Tornata in Ticino, intraprese l’alunnato giudiziario presso la pretura di Lugano Città e lo studio dell’avvocato Emilio Rava. Nel 1954 ottenne l’abilitazione per l’esercizio della professione e nel settembre dello stesso anno aprì il proprio studio legale. Ma il percorso lavorativo per la giovane avvocata non fu facile. In Ticino infatti, fino al febbraio del 1971, alle donne era vietata la via della magistratura o ancora quella del notariato.

Tra le prime a praticare la professione giudiziaria nel Cantone, Clementina Sganzini, per favorire un mutamento del contesto sociale e politico, aderì prima al Movimento Sociale Femminile, poi al Gruppo Donne Liberali di Lugano. Mentre si impegnava nei movimenti femminili per offrire consulenze legali gratuite o tenere lezioni di civica, la Sganzini chiudeva nel 1957 il suo studio. Fu quindi Segretaria-assessora alla Pretura di Lugano Campagna fino al 1961 poi, per un decennio, insegnante nelle scuole commerciali femminili e collaboratrice dello studio legale Tettamanti-Spiess-Dotta di Lugano.

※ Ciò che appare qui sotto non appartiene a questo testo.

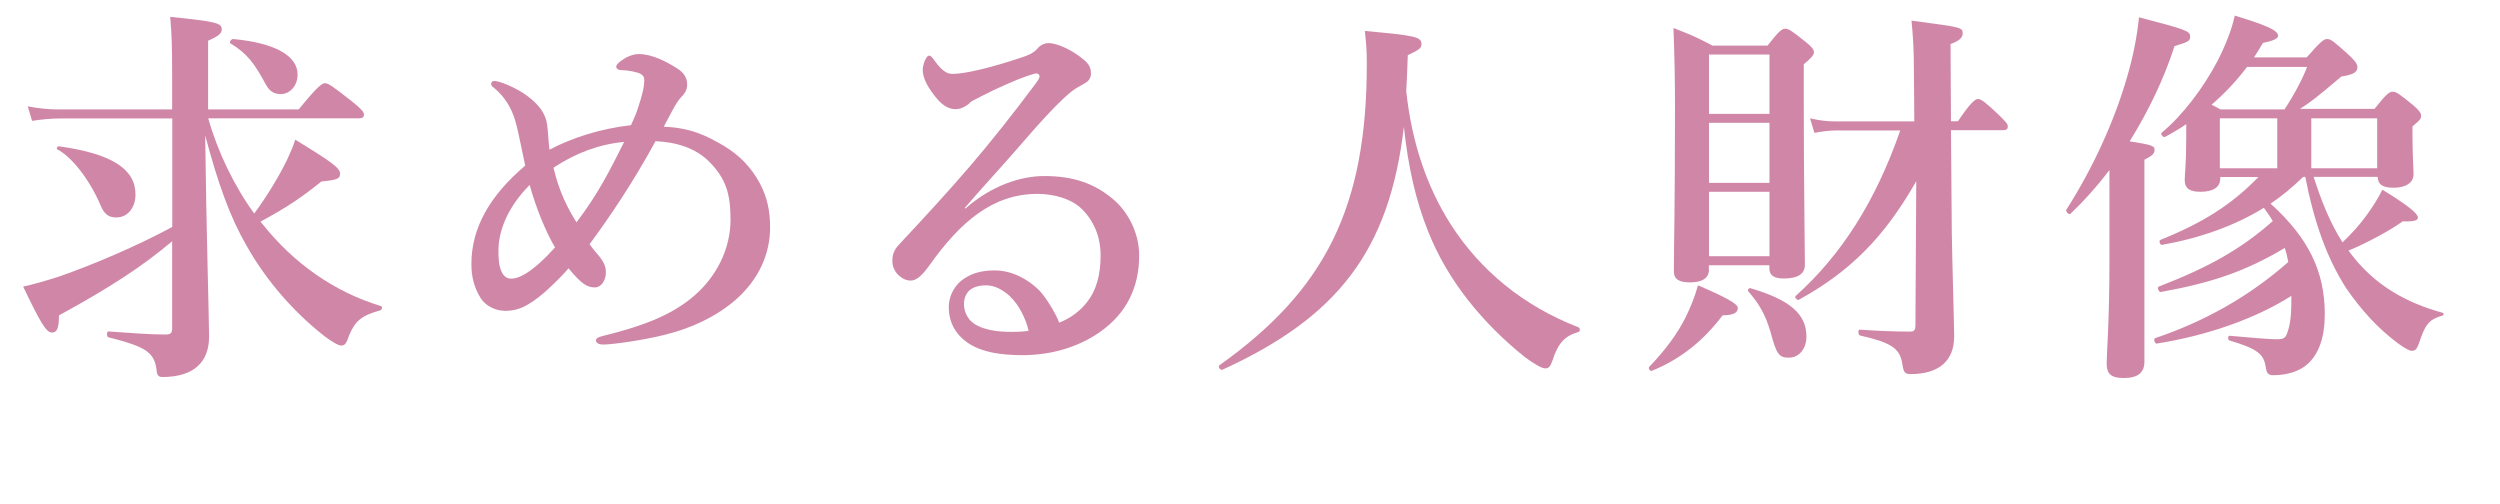 <?xml version="1.0" encoding="UTF-8"?><svg id="_レイヤー_2" xmlns="http://www.w3.org/2000/svg" viewBox="0 0 179.36 36.15"><defs><style>.cls-1{fill:#d087a7;}</style></defs><g id="layout"><g><path class="cls-1" d="m18.79,16.02c2.27,2.88,5.21,4.93,8.54,5.94.14.03.08.28-.06.31-1.32.36-1.79.76-2.21,1.76-.22.64-.31.76-.59.76-.2,0-.62-.25-1.15-.64-2.24-1.74-4.23-4.03-5.63-6.52-1.18-2.04-2.04-4.42-2.97-7.92.08,6.66.28,13.3.28,14.42,0,.9-.25,1.65-.84,2.16-.53.48-1.37.76-2.52.76-.22,0-.36-.11-.39-.36-.14-1.4-.7-1.79-3.47-2.49-.14-.03-.14-.42,0-.42,1.51.11,3.02.22,4.09.22.39,0,.48-.11.48-.48v-6.21c-2.16,1.82-4.4,3.28-8.12,5.32,0,.98-.17,1.23-.5,1.23-.42,0-.84-.73-2.07-3.3.67-.14,1.54-.39,2.52-.7,2.52-.87,5.71-2.24,8.18-3.58v-7.78H4.26c-.59,0-1.18.06-1.96.17l-.31-1.04c.9.17,1.57.22,2.24.22h8.12v-2.41c0-2.24-.03-2.94-.14-4.23,3.36.34,3.7.45,3.7.9,0,.28-.22.48-.98.81v4.93h6.5c1.34-1.65,1.68-1.88,1.88-1.88.25,0,.56.22,1.96,1.32.62.5.84.73.84.92s-.08.28-.36.28h-10.81c.67,2.38,1.85,4.84,3.3,6.83.87-1.18,1.76-2.63,2.35-3.84.25-.56.48-1.06.59-1.46,2.63,1.6,3.22,2.04,3.22,2.44,0,.36-.2.45-1.34.56-1.4,1.12-2.35,1.79-4.37,2.88l.11.14Zm-10.44-.42c-.56,0-.87-.22-1.15-.9-.76-1.79-2.04-3.44-3.08-3.98-.11-.06,0-.25.14-.22,3.75.53,5.46,1.62,5.46,3.45,0,.95-.56,1.65-1.37,1.65Zm11.79-8.85c-.45,0-.78-.17-1.06-.67-.81-1.51-1.34-2.24-2.55-2.97-.11-.08.06-.31.2-.31,3,.28,4.62,1.2,4.62,2.55,0,.81-.56,1.4-1.2,1.4Z"/><path class="cls-1" d="m51.94,10.47c1.09.64,1.96,1.54,2.58,2.69.53,1.01.73,1.99.73,3.16,0,1.9-.81,3.72-2.46,5.18-1.37,1.18-3.08,2.02-5.1,2.52-1.4.36-3.7.7-4.45.7-.25,0-.48-.11-.48-.28,0-.2.17-.25.5-.34,2.72-.67,4.68-1.4,6.24-2.63,1.99-1.57,2.91-3.72,2.91-5.71,0-1.76-.28-2.91-1.54-4.17-.98-.98-2.38-1.4-3.84-1.46-1.62,2.97-3.25,5.38-4.73,7.39.14.2.31.42.5.64.56.62.67,1.01.67,1.37,0,.59-.34,1.09-.78,1.09-.56,0-.95-.22-1.9-1.37-.62.73-1.4,1.43-1.74,1.74-.62.53-1.01.76-1.29.92-.48.28-1.01.39-1.51.39-.76,0-1.43-.39-1.76-.9-.48-.78-.67-1.54-.67-2.46,0-2.6,1.32-4.9,3.86-7.06-.08-.39-.17-.81-.34-1.62-.17-.81-.25-1.18-.39-1.65-.28-.95-.81-1.71-1.43-2.24-.2-.17-.28-.2-.28-.34,0-.17.11-.22.25-.22.34,0,1.54.48,2.3,1.04.9.67,1.34,1.29,1.46,2.07.08.56.06.81.17,1.82,1.65-.87,3.67-1.51,5.85-1.76.25-.56.36-.78.5-1.23.31-.92.45-1.51.45-1.99,0-.22-.03-.31-.25-.45-.22-.14-.95-.28-1.4-.28-.25,0-.36-.14-.36-.25,0-.08.08-.2.25-.34.39-.31.87-.56,1.37-.56.92,0,1.93.5,2.77,1.04.39.25.7.59.7,1.15,0,.34-.14.62-.45.92-.36.39-.76,1.23-1.23,2.1,1.93.08,3.02.62,4.31,1.37Zm-16.18,7.5c0,.59.03,1.15.25,1.57.14.28.34.45.67.45.7,0,1.76-.7,3.14-2.24-.62-1.04-1.34-2.74-1.82-4.48-1.51,1.51-2.24,3.22-2.24,4.7Zm5.6-2.02c1.54-2.02,2.38-3.7,3.42-5.77-1.79.17-3.44.78-5.07,1.85.39,1.68,1.01,2.91,1.65,3.92Z"/><path class="cls-1" d="m69.24,14.98c1.9-1.68,4-2.35,5.68-2.35,2.04,0,3.58.5,4.96,1.68,1.04.87,1.85,2.41,1.85,4,0,2.3-.9,4.17-2.83,5.52-1.57,1.09-3.5,1.65-5.54,1.65-1.54,0-2.88-.2-3.86-.84-.98-.64-1.43-1.57-1.43-2.58s.56-1.68.98-1.99c.59-.42,1.26-.67,2.32-.67,1.29,0,2.46.7,3.19,1.43.5.53,1.2,1.68,1.43,2.32.9-.36,1.51-.87,1.96-1.43.73-.9,1.01-2.04,1.01-3.39s-.48-2.49-1.37-3.36c-.73-.7-1.96-1.06-3.16-1.06-3.25,0-5.57,2.07-7.73,5.1-.56.78-.95,1.12-1.37,1.12-.28,0-.56-.11-.81-.34-.28-.22-.5-.64-.5-1.04,0-.34.03-.76.53-1.26,4-4.28,6.24-6.8,9.72-11.45.2-.28.31-.42.31-.56s-.14-.25-.34-.2c-.73.2-1.68.59-2.94,1.18-.7.34-1.12.56-1.6.81-.25.25-.64.56-1.15.56-.42,0-.84-.2-1.26-.67-.7-.81-1.09-1.54-1.09-2.13,0-.42.25-1.04.45-1.04.17,0,.28.2.5.5.48.62.81.81,1.18.81.81,0,2.41-.34,4.79-1.12.62-.2,1.04-.36,1.34-.73.22-.25.53-.36.76-.36.53,0,1.57.39,2.52,1.18.34.28.53.56.53.98,0,.39-.2.59-.45.73-.39.22-.73.39-1.09.7-.78.67-1.82,1.74-3.84,4.09-1.29,1.48-2.3,2.55-3.67,4.14l.03.06Zm3.25,6.3c-.59-.53-1.15-.81-1.76-.81-.56,0-1.04.17-1.29.48-.25.34-.28.62-.28.9,0,.42.2,1.06.81,1.43.67.39,1.54.53,2.63.53.45,0,.92-.03,1.2-.08-.22-.92-.73-1.9-1.32-2.44Z"/><path class="cls-1" d="m87.68,26.52c-.14.06-.31-.22-.2-.31,7.64-5.43,10.58-11.4,10.58-21.64,0-.87-.03-1.32-.14-2.35,3.67.34,4.06.42,4.06.95,0,.28-.14.39-.98.79-.03.87-.06,1.71-.11,2.58.39,3.67,1.48,6.89,3.22,9.6,2.13,3.3,5.21,5.82,9.13,7.34.14.06.14.31,0,.34-.98.28-1.46.81-1.85,2.02-.17.48-.28.59-.53.59s-.78-.31-1.46-.81c-2.97-2.38-5.52-5.43-6.94-9.02-.87-2.16-1.43-4.59-1.74-7.5-1.04,8.9-4.76,13.66-13.05,17.44Z"/><path class="cls-1" d="m123.59,22.62c-1.4,1.85-3.02,3.14-5.07,3.98-.14.06-.28-.17-.2-.28,1.15-1.2,1.99-2.32,2.6-3.53.36-.73.67-1.48.9-2.32,2.04.87,2.86,1.34,2.86,1.62,0,.36-.34.53-1.09.53Zm-.98-3.28c0,.64-.53.92-1.37.92-.76,0-1.15-.22-1.15-.78,0-1.79.08-4.45.08-11.7,0-2.18-.03-3.56-.11-5.77,1.37.53,1.57.62,2.8,1.26h3.95c.81-1.04,1.04-1.21,1.26-1.21.28,0,.5.17,1.48.95.42.34.59.53.59.76q0,.25-.73.84v2.35c0,6.27.08,10.61.08,12.04,0,.67-.53.98-1.51.98-.67,0-1.04-.2-1.04-.73v-.22h-4.34v.31Zm4.34-15.43h-4.34v4.26h4.34V3.92Zm-4.34,9.21h4.34v-4.31h-4.34v4.31Zm0,5.26h4.34v-4.62h-4.34v4.62Zm5.74,7.28c-.73,0-.9-.25-1.32-1.82-.36-1.23-.78-1.99-1.6-2.94-.08-.11.03-.25.17-.22,2.83.84,4,1.85,4,3.47,0,.87-.53,1.51-1.26,1.51Zm9.13-12.66c-2.3,4.03-4.73,6.47-8.43,8.51-.11.06-.34-.2-.22-.28,3.28-2.94,5.74-6.8,7.5-11.87h-4.59c-.48,0-.95.06-1.57.17l-.31-1.04c.73.17,1.29.22,1.85.22h5.63l-.03-3.7c0-1.43-.06-2.38-.17-3.53,3.61.48,3.67.48,3.67.92,0,.31-.25.53-.87.76l.03,5.54h.5c.84-1.26,1.23-1.6,1.43-1.6.25,0,.59.28,1.51,1.15.39.39.64.62.64.81s-.08.28-.36.28h-3.72l.06,7.39c.03,1.99.17,6.75.17,7.39,0,.92-.28,1.54-.76,1.99-.53.48-1.34.73-2.38.73-.48,0-.5-.25-.59-.78-.17-1.12-.92-1.51-3.02-1.99-.14-.03-.17-.42-.03-.42,1.15.08,2.44.14,3.64.14.28,0,.36-.14.36-.42l.06-10.39Z"/><path class="cls-1" d="m151.33,12.21c-.87,1.15-1.82,2.21-2.8,3.14-.11.08-.36-.2-.28-.31,1.93-3.02,3.44-6.36,4.34-9.46.45-1.51.73-2.97.87-4.34,3.33.87,3.67.98,3.67,1.37,0,.34-.11.39-1.12.7-.76,2.35-1.88,4.68-3.22,6.83,1.57.25,1.79.31,1.79.62,0,.25-.17.42-.73.7v14.48c0,.81-.48,1.18-1.48,1.18-.9,0-1.23-.28-1.23-1.06,0-.73.2-2.94.2-7.36v-6.47Zm13.89.5c-.73.7-1.48,1.34-2.32,1.9,2.72,2.46,3.89,4.87,3.89,7.92,0,1.65-.42,2.88-1.26,3.61-.56.5-1.46.78-2.44.78-.34,0-.48-.14-.53-.56-.14-.92-.53-1.32-2.6-1.93-.14-.03-.14-.34,0-.34,1.51.14,2.91.25,3.36.25.5,0,.64-.08.76-.42.2-.5.31-1.18.31-2.3v-.39c-2.6,1.65-6.1,2.86-9.66,3.42-.14.03-.25-.34-.11-.39,3.58-1.21,6.75-3,9.55-5.46-.06-.34-.14-.67-.25-1.01-2.77,1.65-5.18,2.49-8.9,3.16-.14.03-.28-.34-.14-.39,3.7-1.43,5.96-2.74,8.18-4.7-.2-.34-.42-.64-.64-.95-2.04,1.26-4.51,2.16-7.31,2.66-.14.03-.25-.31-.11-.36,3.05-1.23,5.1-2.52,7.03-4.51h-2.74v.11c0,.64-.53.95-1.43.95-.73,0-1.12-.22-1.12-.84,0-.5.11-1.04.11-3.14v-.87c-.5.34-1.01.64-1.54.92-.11.05-.34-.22-.22-.31,1.48-1.23,2.94-3.14,3.98-5.1.59-1.15,1.04-2.27,1.26-3.3,2.38.73,3.11,1.06,3.11,1.46q0,.28-1.09.5c-.2.36-.42.7-.64,1.04h3.78c1.01-1.15,1.23-1.32,1.46-1.32.28,0,.48.17,1.54,1.12.48.45.64.67.64.9,0,.36-.28.53-1.15.67-1.79,1.51-2.18,1.82-2.97,2.32h5.35c.84-1.06,1.06-1.23,1.29-1.23.28,0,.5.17,1.46.95.42.36.59.56.59.78s-.08.31-.62.76v.56c0,1.51.08,2.52.08,2.86,0,.62-.56.98-1.43.98-.78,0-1.12-.22-1.15-.78h-4.59c.53,1.65,1.15,3.25,2.07,4.7.62-.59,1.18-1.2,1.68-1.88.45-.62.87-1.26,1.18-1.9,1.79,1.09,2.55,1.71,2.55,1.99,0,.2-.2.31-1.09.28-.84.62-2.6,1.57-3.89,2.1.34.45.67.87,1.06,1.26,1.46,1.51,3.33,2.55,5.66,3.19.14.03.14.2,0,.22-.87.25-1.15.56-1.51,1.54-.28.84-.36.98-.67.98-.17,0-.53-.2-.98-.53-1.48-1.09-2.72-2.49-3.75-4-1.34-2.1-2.27-4.65-2.91-7.95h-.11Zm-4-7.92c-.76,1.01-1.6,1.9-2.55,2.72.17.08.36.2.64.34h4.59c.67-1.01,1.32-2.24,1.62-3.05h-4.31Zm2.16,7.28v-3.58h-4.12v3.58h4.12Zm7.17-3.58h-4.73v3.58h4.73v-3.58Z"/></g></g></svg>

Superato l’esame di notariato nel 1971, aprì un nuovo studio. Anche questo ufficio ebbe però vita breve. Nel marzo 1972, infatti, tra le fila del Partito Liberale Radicale, la Sganzini venne eletta giudice del Tribunale d’Appello, divenendo presidente della Corte di Cassazione e revisione penale e vicepresidente della I Camera Civile. Nel 1982 fu nuovamente eletta e quattro anni dopo, per la prima volta, la presidenza del Tribunale d’Appello ticinese fu con lei affidata a una donna.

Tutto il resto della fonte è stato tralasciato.